Starting a new session for a rule that already has one running automatically replaces the prior session — the coverage strip notes how many prior sessions were stopped.
Cluster coverage strip
Above the captured records, a per-node strip shows, for each OAP node, an install result (whether the recorder was accepted on that node) and a collect status (whether data came back). A rollup line summarizes how many nodes the session is live on (e.g. live on 2 of 3 nodes). Use it to spot a node that rejected the install or was unreachable — a missing node there explains a partial capture.
Reading the captured stages
Each captured execution is shown as a chain of stages. Every stage reports an in → out count, so a stage that drops everything (a filter that matched nothing) is obvious at a glance. Clicking a stage highlights the matching fragment of the rule’s source text above the chain, tying the captured step back to the line of DSL that produced it.
Diff-default label grouping
When a stage emits many samples that share a metric name, they are grouped under a one-line summary rather than listed in full. Expanding a multi-sample group lands in diff mode by default: the labels that are identical across every sample collapse into a shared context shown once, and each sample row shows only the labels that differ. This makes “what distinguishes these series” the thing you see first. A toggle switches to the full per-sample label list when you want every label on every row. The same diff-first treatment applies to a run of output entities that share a metric — only the entity fields that vary are shown per row.
Very large groups render a capped number of detail rows with a “+ N more” note; the summary count is always exact.
Capture history
Every session you run is saved to capture history, browse it at /operate/live-debug/history (or the history link on each tab). History is stored locally in your browser — it is not shared between users or machines and survives reloads, with the most recent captures kept per DSL family.
From history you can:
- Replay a finished capture — re-open the recorded stages exactly as they were captured, without re-running anything on OAP. A banner marks that you are viewing a saved capture, with a back to live control to return.
- Resume a capture whose retention window has not yet lapsed — re-attach to the still-live OAP session and continue polling it.

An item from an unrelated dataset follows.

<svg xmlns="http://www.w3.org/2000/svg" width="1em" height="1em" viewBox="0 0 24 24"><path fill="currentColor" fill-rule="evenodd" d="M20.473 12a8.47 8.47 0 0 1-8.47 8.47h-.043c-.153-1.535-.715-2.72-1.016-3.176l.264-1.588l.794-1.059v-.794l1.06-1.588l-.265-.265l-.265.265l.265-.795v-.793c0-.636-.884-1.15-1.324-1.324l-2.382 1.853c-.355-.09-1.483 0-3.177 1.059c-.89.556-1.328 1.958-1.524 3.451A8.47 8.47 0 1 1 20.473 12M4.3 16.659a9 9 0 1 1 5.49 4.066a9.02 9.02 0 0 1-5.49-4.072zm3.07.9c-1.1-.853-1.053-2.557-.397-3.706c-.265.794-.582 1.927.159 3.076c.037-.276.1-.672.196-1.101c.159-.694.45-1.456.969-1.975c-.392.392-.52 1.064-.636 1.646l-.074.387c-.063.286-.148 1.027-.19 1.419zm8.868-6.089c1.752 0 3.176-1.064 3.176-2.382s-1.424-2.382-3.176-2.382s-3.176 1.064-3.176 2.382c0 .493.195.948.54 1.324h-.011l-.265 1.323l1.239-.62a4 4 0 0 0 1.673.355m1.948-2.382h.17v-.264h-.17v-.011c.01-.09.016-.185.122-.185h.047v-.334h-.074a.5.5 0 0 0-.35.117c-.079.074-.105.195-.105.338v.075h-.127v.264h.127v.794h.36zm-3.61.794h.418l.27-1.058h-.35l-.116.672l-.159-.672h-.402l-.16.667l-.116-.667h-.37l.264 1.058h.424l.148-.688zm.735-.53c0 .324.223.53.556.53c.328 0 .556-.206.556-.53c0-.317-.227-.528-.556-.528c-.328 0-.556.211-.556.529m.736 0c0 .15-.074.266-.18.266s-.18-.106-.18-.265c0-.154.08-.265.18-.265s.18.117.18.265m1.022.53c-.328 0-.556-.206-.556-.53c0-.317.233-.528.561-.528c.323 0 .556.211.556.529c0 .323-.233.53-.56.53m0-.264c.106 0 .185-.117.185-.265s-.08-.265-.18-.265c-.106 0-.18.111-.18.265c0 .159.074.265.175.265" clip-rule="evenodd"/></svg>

A capture that was archived before its first poll returned data shows as having no records; run a longer-lived capture to give the pipeline time to fire.
Requirements
- The OAP
dsl-debuggingmodule must be loaded. This is the module that powers start / poll / stop across MAL / LAL / OAL; the page shows a warning banner when it is missing. See Required OAP Modules. - The
receiver-runtime-rulemodule must also be loaded — it backs the rule picker (the catalog of rules you choose from). It is a separate module fromdsl-debugging: a deployment can have one without the other, in which case either the picker or the capture itself will be unavailable. - OAP admin port reachable from Horizon.
Access control
| Permission | Grants |
|---|---|
live-debug:read |
View the Live Debugger, the active-session list, cluster status, and capture history. |
live-debug:write |
Start and stop capture sessions. |
rule:debug |
Debug a rule — required alongside live-debug:write to actually run a capture. |
In the bundled roles, all three are held by operator (and admin). A read-only viewer can be granted live-debug:read to inspect existing sessions and history without being able to start new captures. See Roles and Permissions.